Makel an Molekülen: Drei Metalle verstoßen gegen respektierte Regel

Die Metalle Calcium, Barium und Strontium verletzen klassische Regeln der Chemie. Sie können sich mit acht Kohlenmonoxid-Molekülen verbinden und dadurch Carbonylkomplexe bilden.
Das haben der Marburger Chemiker Prof. Dr. Gernot Frenking sowie chinesische Fachkolleginnen und -kollegen nachgewiesen, indem sie Experimente mit Berechnungen kombinierten. Das Team berichtet über seine Ergebnisse vorab online im Wissenschaftsmagazin „Science“.

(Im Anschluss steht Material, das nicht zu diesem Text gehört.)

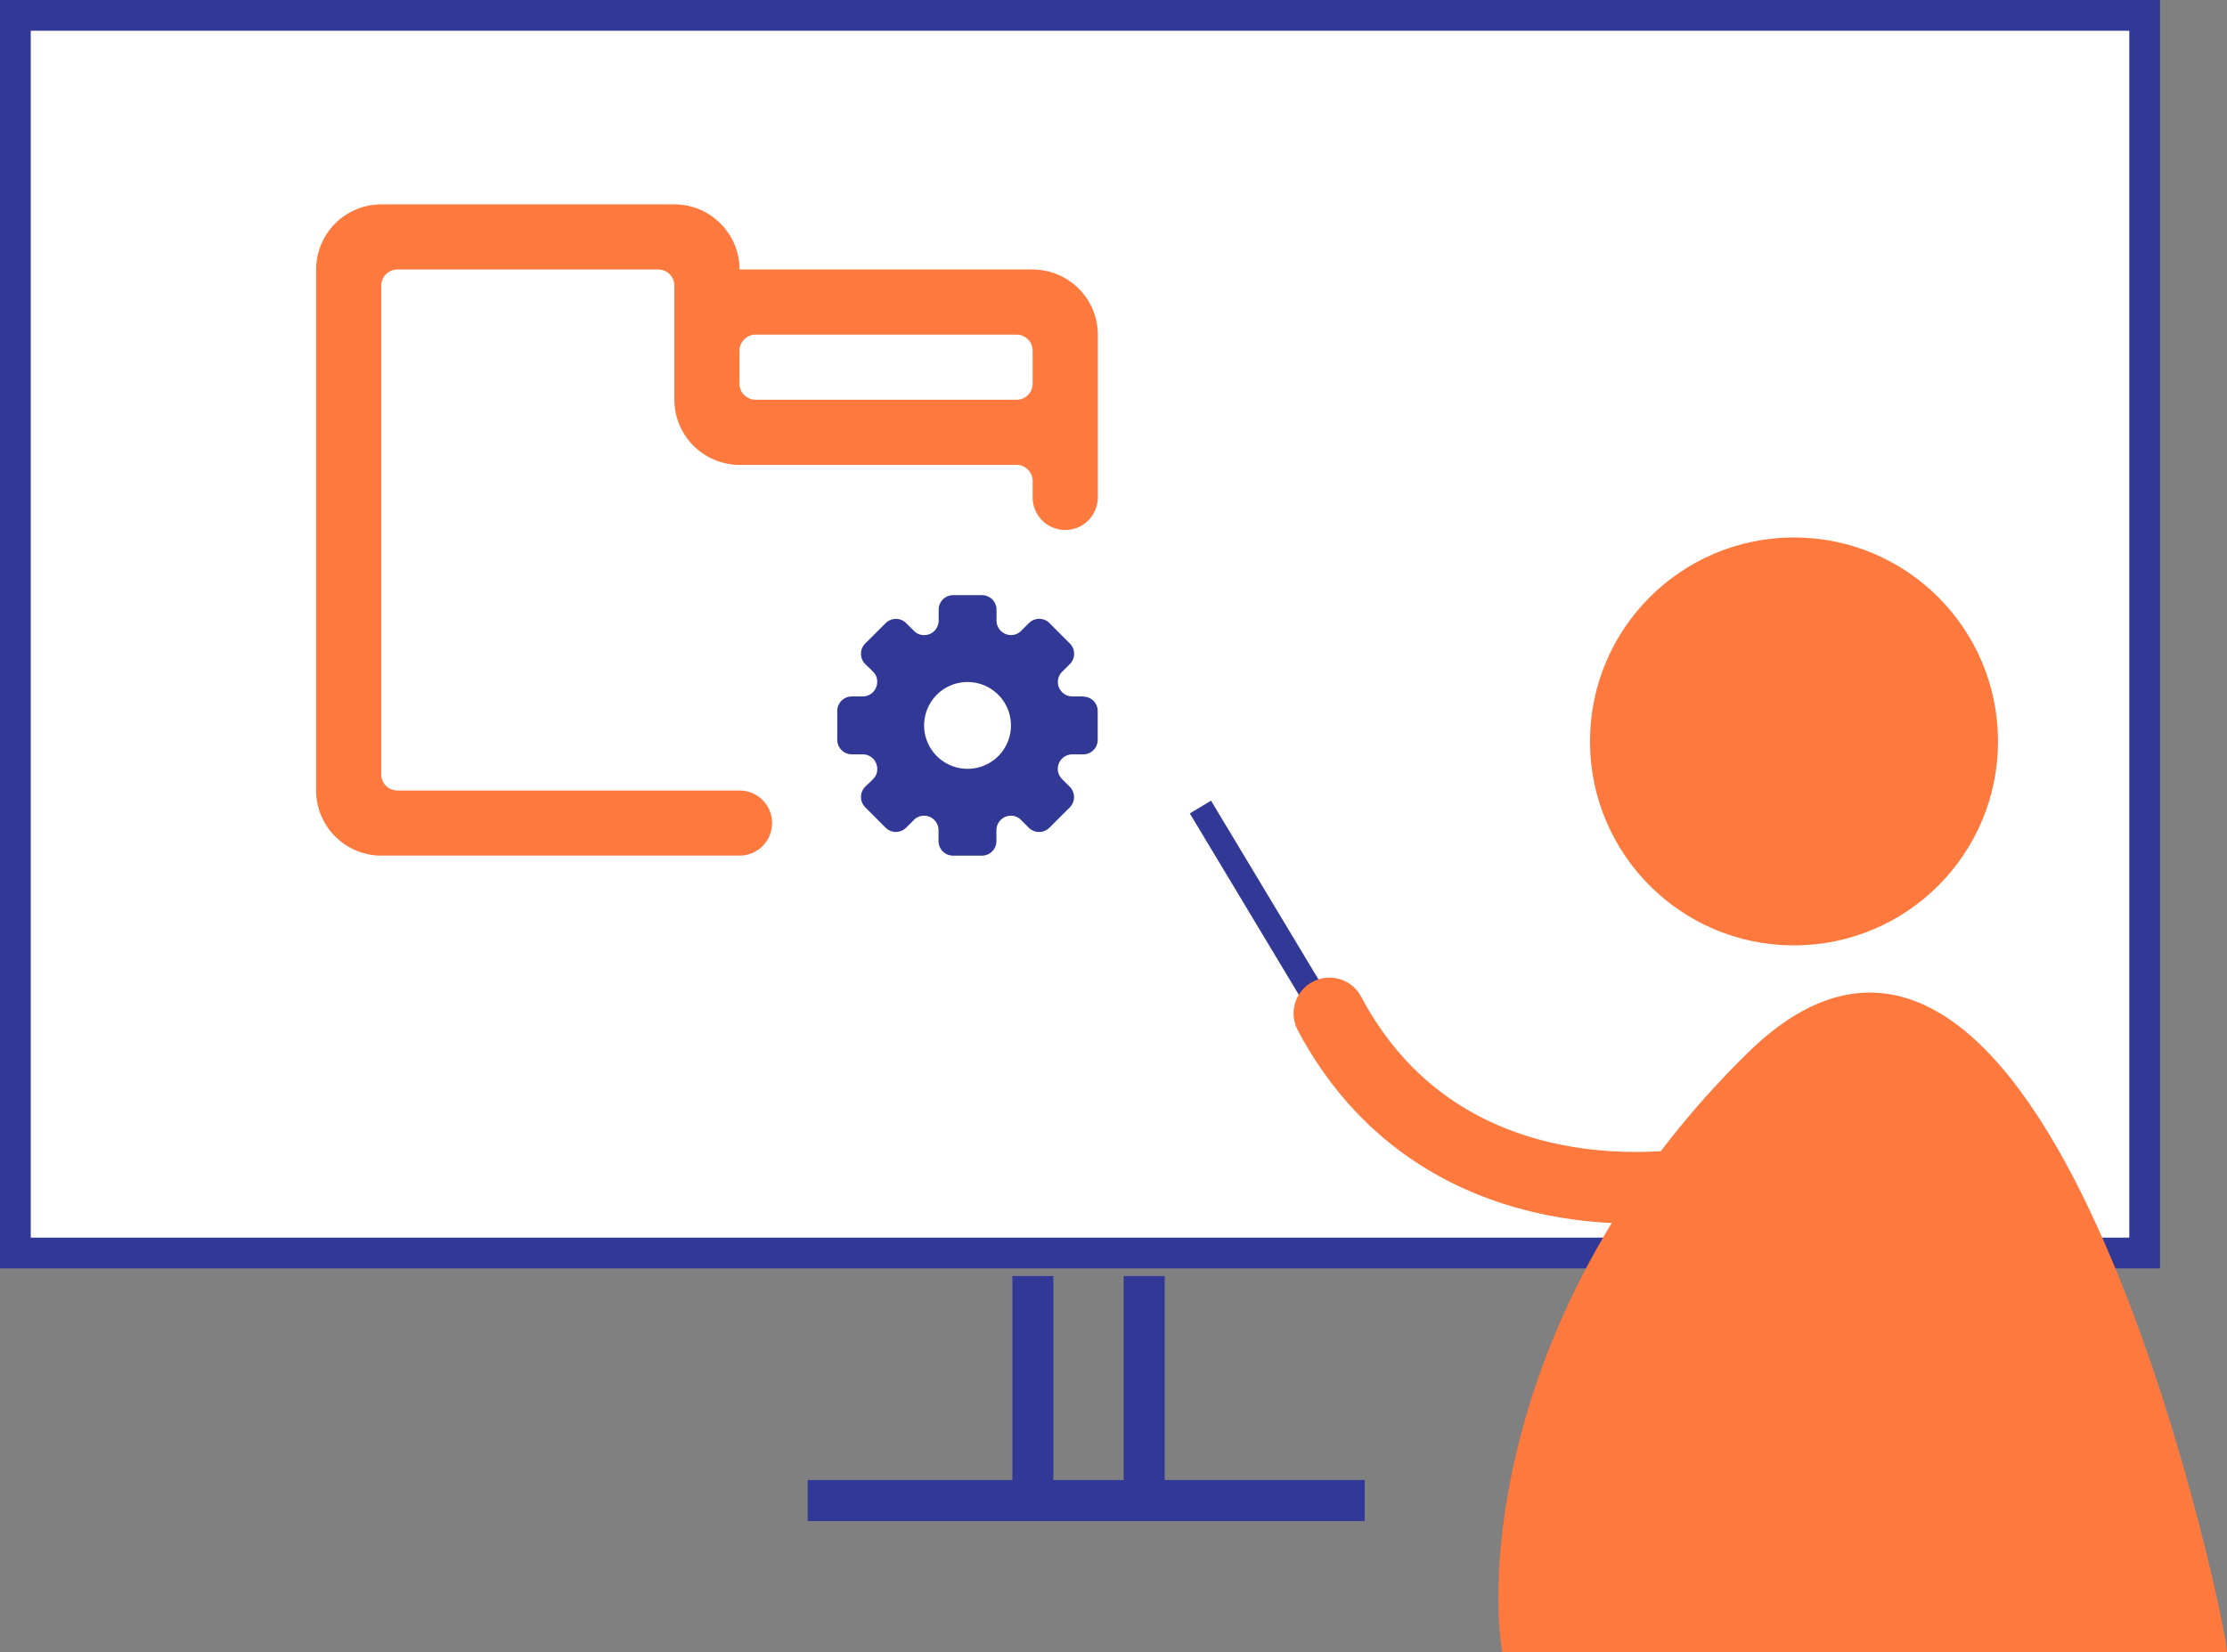 <svg xmlns="http://www.w3.org/2000/svg" width="217.298" height="161.244" viewBox="0 0 217.298 161.244"><rect x="0" y="0" width="217.298" height="161.244" fill="#808080" stroke="none"/><g transform="translate(-3399.157 -810.053)"><g transform="translate(2066.657 246.053)"><g transform="translate(1334 565.5)"><g transform="translate(0 0)"><line y2="23.27" transform="translate(99.284 123.041)" fill="none" stroke="#313896" stroke-width="4"></line><line y2="23.27" transform="translate(110.143 123.041)" fill="none" stroke="#313896" stroke-width="4"></line><line x2="54.357" transform="translate(77.308 144.952)" fill="none" stroke="#313896" stroke-width="4"></line><rect width="207.765" height="120.794" fill="#fff" stroke="#313896" stroke-width="3"></rect></g></g><g transform="translate(1448.596 616.956)"><rect width="2.416" height="22.951" transform="translate(13.891 44.863) rotate(149)" fill="#313896"></rect><ellipse cx="19.407" cy="19.407" rx="19.407" ry="19.407" transform="translate(39.546 0)" fill="#fe793d" stroke="#fe793d" stroke-width="1"></ellipse><path d="M76.843,120.1c28.177-27.626,45.37,53.349,45.847,57.635H52.964C51.531,167.733,54.3,142.2,76.843,120.1Z" transform="translate(-22.048 -69.948)" fill="#fe793d" stroke="#fe793d" stroke-width="1"></path><path d="M131.918,130.908c-9.669,3.054-31.6,4.275-41.982-15.266" transform="translate(-76.312 -69.683)" fill="none" stroke="#fe793d" stroke-linecap="round" stroke-width="7"></path></g><g transform="translate(1363.343 581.947)"><path d="M40.01,23.882H38.935a1.407,1.407,0,0,1-.988-2.412l.75-.747a1.421,1.421,0,0,0,0-2l-1.993-2a1.421,1.421,0,0,0-2,0l-.725.721a1.364,1.364,0,0,1-1.03.451,1.416,1.416,0,0,1-1.411-1.411V15.412A1.416,1.416,0,0,0,30.126,14H27.3a1.415,1.415,0,0,0-1.408,1.411v1.074A1.416,1.416,0,0,1,24.478,17.9a1.372,1.372,0,0,1-1.033-.451l-.721-.721a1.421,1.421,0,0,0-2,0l-2,1.993a1.421,1.421,0,0,0,0,2c.267.27.566.524.82.807a1.292,1.292,0,0,1,.35.947,1.415,1.415,0,0,1-1.408,1.411H17.413A1.416,1.416,0,0,0,16,25.3v2.829a1.415,1.415,0,0,0,1.411,1.408h1.074A1.416,1.416,0,0,1,19.9,30.944a1.322,1.322,0,0,1-.356.953c-.254.28-.55.534-.82.8a1.421,1.421,0,0,0,0,2l1.993,2a1.421,1.421,0,0,0,2,0l.725-.721a1.364,1.364,0,0,1,1.03-.451,1.416,1.416,0,0,1,1.408,1.414v1.074a1.416,1.416,0,0,0,1.411,1.411h2.829a1.415,1.415,0,0,0,1.408-1.411V36.938a1.416,1.416,0,0,1,1.411-1.411,1.368,1.368,0,0,1,1.03.454l.721.721a1.421,1.421,0,0,0,2,0l2-1.993a1.421,1.421,0,0,0,0-2l-.75-.753a1.409,1.409,0,0,1,.988-2.415H40a1.416,1.416,0,0,0,1.411-1.411V25.3A1.413,1.413,0,0,0,40,23.9Zm-11.3,7.068a4.236,4.236,0,1,1,4.236-4.236A4.231,4.231,0,0,1,28.708,30.95Z" transform="translate(34.854 26.14)" fill="#313896"></path><path d="M69.919,8.356h-28.6A6.368,6.368,0,0,0,34.991,2H6.356A6.375,6.375,0,0,0,0,8.356v50.85a6.375,6.375,0,0,0,6.356,6.356H41.316a3.178,3.178,0,1,0,0-6.356H7.945a1.574,1.574,0,0,1-1.589-1.589V9.945A1.574,1.574,0,0,1,7.945,8.356H33.37a1.574,1.574,0,0,1,1.589,1.589V21.069a6.375,6.375,0,0,0,6.356,6.356H68.33a1.574,1.574,0,0,1,1.589,1.589V30.6a3.178,3.178,0,1,0,6.356,0V14.585A6.37,6.37,0,0,0,69.919,8.356ZM68.33,21.069H42.9a1.574,1.574,0,0,1-1.589-1.589V16.3A1.574,1.574,0,0,1,42.9,14.712H68.33A1.574,1.574,0,0,1,69.919,16.3V19.48A1.574,1.574,0,0,1,68.33,21.069Z" fill="#fe793d"></path></g></g></g></svg>

„Atome sind die Bausteine der Chemie, mit denen Chemiker eine inzwischen kaum überschaubare Zahl von Molekülen aufbauen, die in unterschiedlichster Weise chemische Bindungen enthalten“, erläuterte Frenking, der als Seniorautor des Fachaufsatzes firmiert. „Um diese Vielfalt verstehen und einordnen zu können, haben Chemiker Regeln entwickelt, die bereits vor fast einem Jahrhundert vorgeschlagen wurden und die sich bis heute als äußerst beständig erwiesen haben.“
Demnach lassen sich die rund 100 Atome des Periodensystems in nur drei Gruppen unterteilen: Die sogenannten Hauptgruppenatome bilden besonders stabile Moleküle, wenn sie acht Elektronen in ihrer äußersten Schale haben („Oktettregel“). Die Übergangsmetalle hingegen benötigen 18 Elektronen, um stabile Moleküle zu bilden („18-Elektronenregel“). Die verbleibenden sogenannten seltenen Erden und Aktiniden benötigen 32 Elektronen für die Bildung stabiler Moleküle.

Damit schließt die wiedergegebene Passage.